• Task requirements:
Could you show each line of the records that contains the word "fill"?

Stored entries
Segment Open

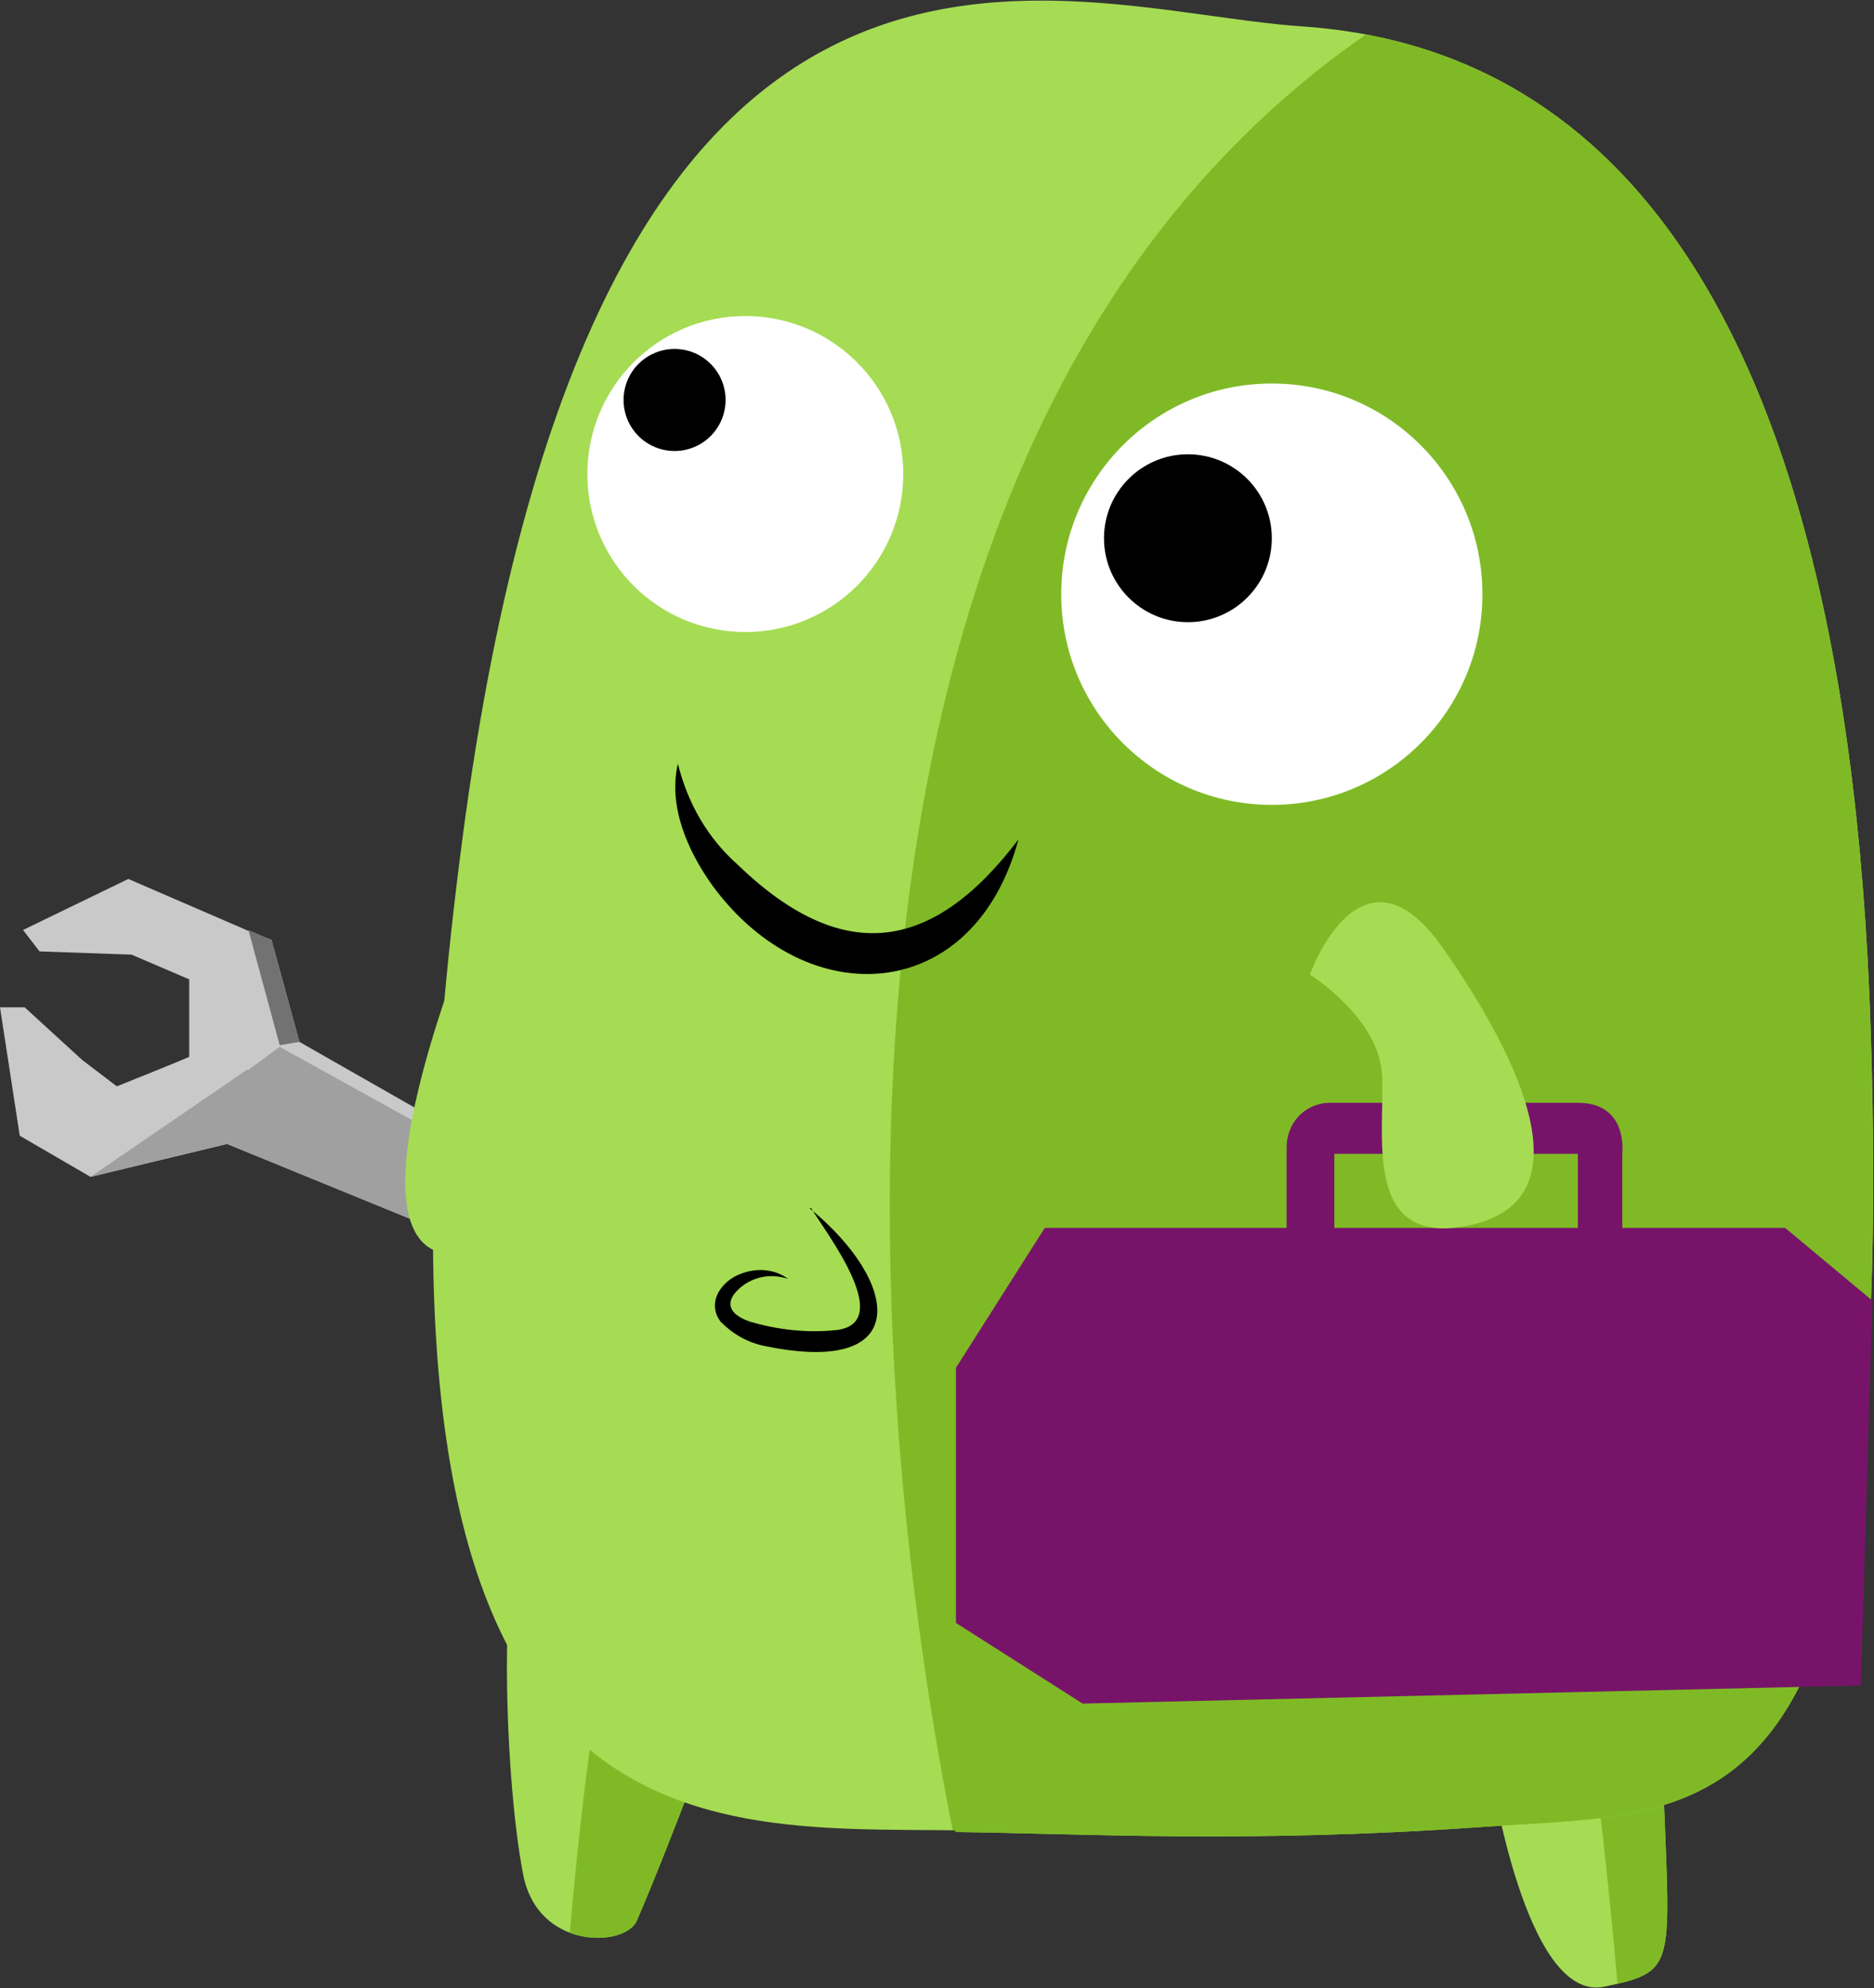 <?xml version="1.0" encoding="UTF-8"?>
<svg id="Blobbie" xmlns="http://www.w3.org/2000/svg" version="1.1" xmlns:xlink="http://www.w3.org/1999/xlink" viewBox="0 0 113.9 120.8">
  <rect x="0" y="0" width="113.9" height="120.8" fill="#333333" stroke="none"/>
  <!-- Generator: Adobe Illustrator 29.0.1, SVG Export Plug-In . SVG Version: 2.1.0 Build 192)  -->
  <defs>
    <style>
      .st0 {
        fill: #727272;
      }

      .st1 {
        fill: #c9c9c9;
      }

      .st2 {
        fill: #fff;
      }

      .st3 {
        fill: none;
      }

      .st4 {
        fill: #7fba26;
      }

      .st5 {
        clip-path: url(#clippath-1);
      }

      .st6 {
        fill: #a0a0a0;
      }

      .st7 {
        fill: #a5dc53;
      }

      .st8 {
        clip-path: url(#clippath-2);
      }

      .st9 {
        clip-path: url(#clippath);
      }

      .st10 {
        fill: #771469;
      }
    </style>
    <clipPath id="clippath">
      <path class="st3" d="M44.5,101.9s-4,10.7-5.8,14.8c-.7,1.6-6,1.8-6.9-2.8-1.2-6.1-1.7-21.5.8-23.6,2.5-2.1,13.8,8.9,11.9,11.7h0Z"/>
    </clipPath>
    <clipPath id="clippath-1">
      <path class="st3" d="M90.6,107.5s2.1,14.2,6.9,13.2c4.8-1,3.9-1.2,3.5-15.1s-10.5,1.8-10.5,1.8Z"/>
    </clipPath>
    <clipPath id="clippath-2">
      <path class="st3" d="M58.2,111.2c-16.5-.2-38.3,2.2-30.1-60.2C36.2-11.5,64.3.6,79.1,1.6c14.8,1,33,11.4,34.6,61s-9.5,47.4-23.7,48.4c-14.2,1-24,.4-32,.3h0Z"/>
    </clipPath>
  </defs>
  <g id="Group_132">
    <path id="Path_45" class="st1" d="M28.2,69l-10-5.7-1.7-6.2-1.3-.5-7.4-3.2-6.4,3.1,1,1.3,5.6.2,3.5,1.5v4.7c.1,0-4.4,1.8-4.4,1.8l-2.1-1.6-3.5-3.2H0l1.2,7.8,4.3,2.5,8.3-2,15.9,6.5-1.5-7Z"/>
    <path id="Path_46" class="st0" d="M18.2,63.3l-1.2.2-1.9-7,1.4.6,1.7,6.2Z"/>
    <path id="Path_47" class="st1" d="M27.3,69.3l-10.3-5.7,1.2-.2,11.2,6.4-2.1-.4Z"/>
    <path id="Path_48" class="st6" d="M15,65l-9.5,6.5,8.3-2,15.9,6.5-2.4-6.7-10.3-5.7-1.9,1.4Z"/>
  </g>
  <path id="Path_49" class="st7" d="M29.2,55s-9.5,22-1.1,21.2,8-16.1,8-16.1c0,0-2.6-10.2-6.9-5.1h0Z"/>
  <g class="st9">
    <g id="Group_133">
      <path id="Path_50" class="st7" d="M44.5,101.9s-4,10.7-5.8,14.8c-.7,1.6-6,1.8-6.9-2.8-1.2-6.1-1.7-21.5.8-23.6s13.8,8.9,11.9,11.7h0Z"/>
      <path id="Path_51" class="st4" d="M34.5,119.1s1.9-26.5,5.9-29.2,11.5,17,11.5,17c0,0-7.3,13.1-17.4,12.1h0Z"/>
    </g>
  </g>
  <g class="st5">
    <g id="Group_134">
      <path id="Path_53" class="st7" d="M90.6,107.5s2.1,14.2,6.9,13.2,3.9-1.2,3.5-15.1-10.5,1.8-10.5,1.8Z"/>
      <path id="Path_54" class="st4" d="M98.6,124.1s-2.2-30.1-5.4-31.8c-3.2-1.6,23.8,0,23.8,0l-4.1,24.7-14.3,7.1h0Z"/>
    </g>
  </g>
  <g class="st8">
    <g id="Group_135">
      <path id="Path_56" class="st7" d="M58.2,111.2c-16.5-.2-38.3,2.2-30.1-60.2S64.3.6,79.1,1.6c14.8,1,33,11.4,34.6,61s-9.5,47.4-23.7,48.4-24,.4-32,.3h0Z"/>
      <path id="Path_57" class="st4" d="M59.1,116.6S35,22.7,92.4-3.2c57.3-25.9,50.4,133,50.4,133,0,0-63.4-6.9-83.7-13.2Z"/>
    </g>
  </g>
  <path id="Path_59" class="st3" d="M58.2,111.2c-16.5-.2-38.3,2.2-30.1-60.2S64.3.6,79.1,1.6c14.8,1,33,11.4,34.6,61s-9.5,47.4-23.7,48.4-24,.4-32,.3h0Z"/>
  <circle id="Ellipse_4" class="st2" cx="77.3" cy="36.1" r="12.8"/>
  <circle id="Ellipse_5" cx="72.2" cy="32.7" r="5.1"/>
  <g id="Group_136">
    <circle id="Ellipse_6" class="st2" cx="45.3" cy="28.8" r="9.6"/>
    <circle id="Ellipse_7" cx="41" cy="24.3" r="3.1"/>
  </g>
  <path id="Path_60" d="M61.9,51c-5.3,7-10.8,7.6-17.1,1.5-1.8-1.6-3-3.7-3.6-6.1-.6,2.6.6,5.3,2.1,7.4,5.8,7.9,15.9,7.2,18.6-2.8h0Z"/>
  <path id="Path_61" d="M49.3,73.4c.9,1.5,5.1,6.9,1.6,7.4-1.8.2-3.6,0-5.3-.5-1.5-.5-1.6-1.4-.3-2.3.8-.5,1.7-.6,2.6-.3-.8-.6-1.9-.7-2.9-.3-1.1.4-2.1,1.7-1.2,2.9.8.8,1.7,1.3,2.8,1.5,8.9,1.8,8.1-3.9,2.6-8.4h0Z"/>
  <g id="Group_137">
    <path id="Path_62" class="st10" d="M113.9,79.1l-5.4-4.5h-45l-5.4,8.5v15.5l7.7,4.9,47.3-1.1.7-23.3Z"/>
    <path id="Path_63" class="st10" d="M95.9,75.9v-5.8h-14.8v5.8h-2.9v-6.2c0-1.4,1-2.6,2.5-2.7,0,0,.2,0,.3,0h14.9c3.1,0,2.7,3.1,2.7,3.1v5.8h-2.6Z"/>
  </g>
  <path id="Path_64" class="st7" d="M79.6,59.2s4.2,2.6,4.4,6.1-1.3,10.7,5.5,9.1,3.1-9.8-1.8-16.8-8,1.4-8,1.4"/>
</svg>

Segment Closed

• Answer to the exercise:
  <rect x="0" y="0" width="113.9" height="120.8" fill="#333333" stroke="none"/>
        fill: #727272;
        fill: #c9c9c9;
        fill: #fff;
        fill: none;
        fill: #7fba26;
        fill: #a0a0a0;
        fill: #a5dc53;
        fill: #771469;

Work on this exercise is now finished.